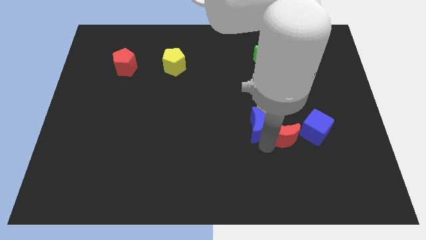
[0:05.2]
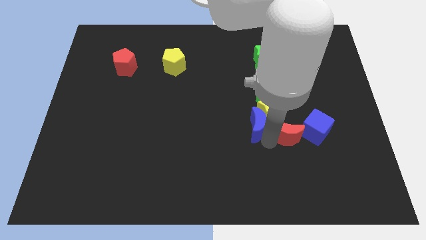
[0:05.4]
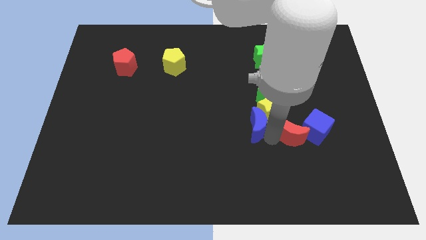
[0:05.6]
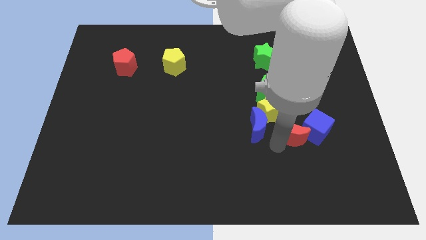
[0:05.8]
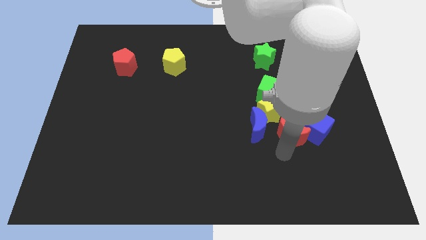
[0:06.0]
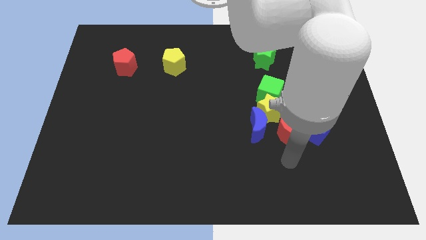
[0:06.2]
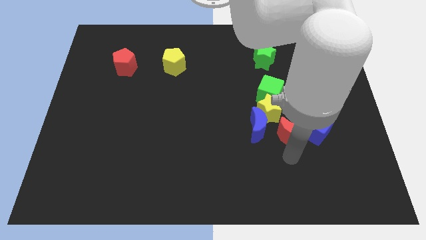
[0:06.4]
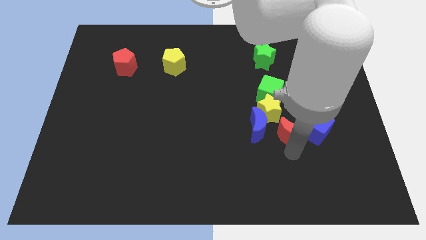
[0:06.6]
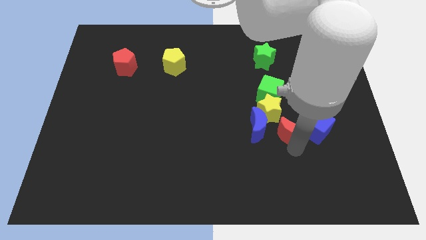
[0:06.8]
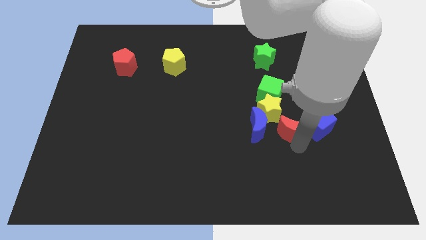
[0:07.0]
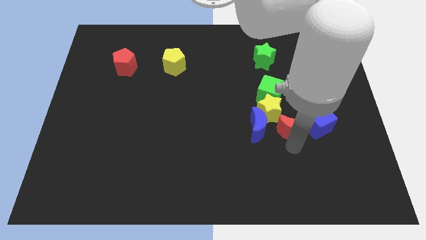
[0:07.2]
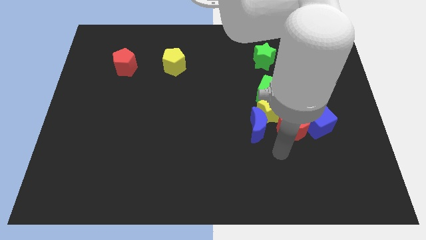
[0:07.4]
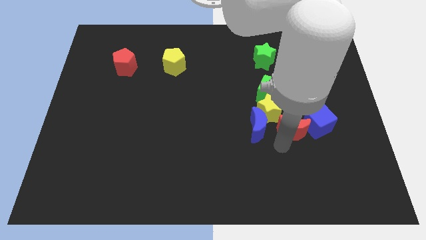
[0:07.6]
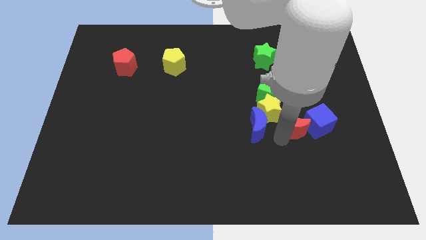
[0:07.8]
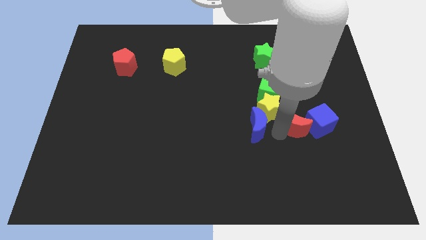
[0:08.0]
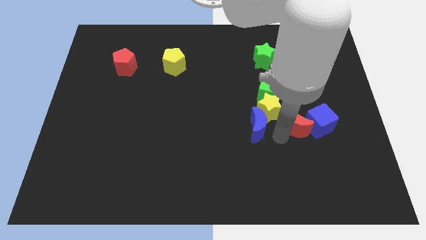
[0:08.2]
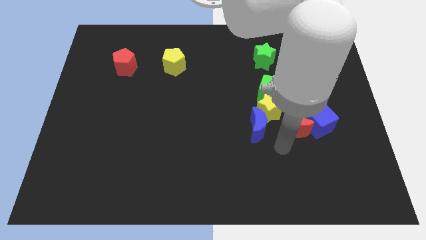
━━━━━━━━
**WORK REQUIRED**
All records above need to be returned exactly. Omit the pictures.

**ANSWER FOR THIS EXERCISE**
[0:05.2]
[0:05.4]
[0:05.6]
[0:05.8]
[0:06.0]
[0:06.2]
[0:06.4]
[0:06.6]
[0:06.8]
[0:07.0]
[0:07.2]
[0:07.4]
[0:07.6]
[0:07.8]
[0:08.0]
[0:08.2]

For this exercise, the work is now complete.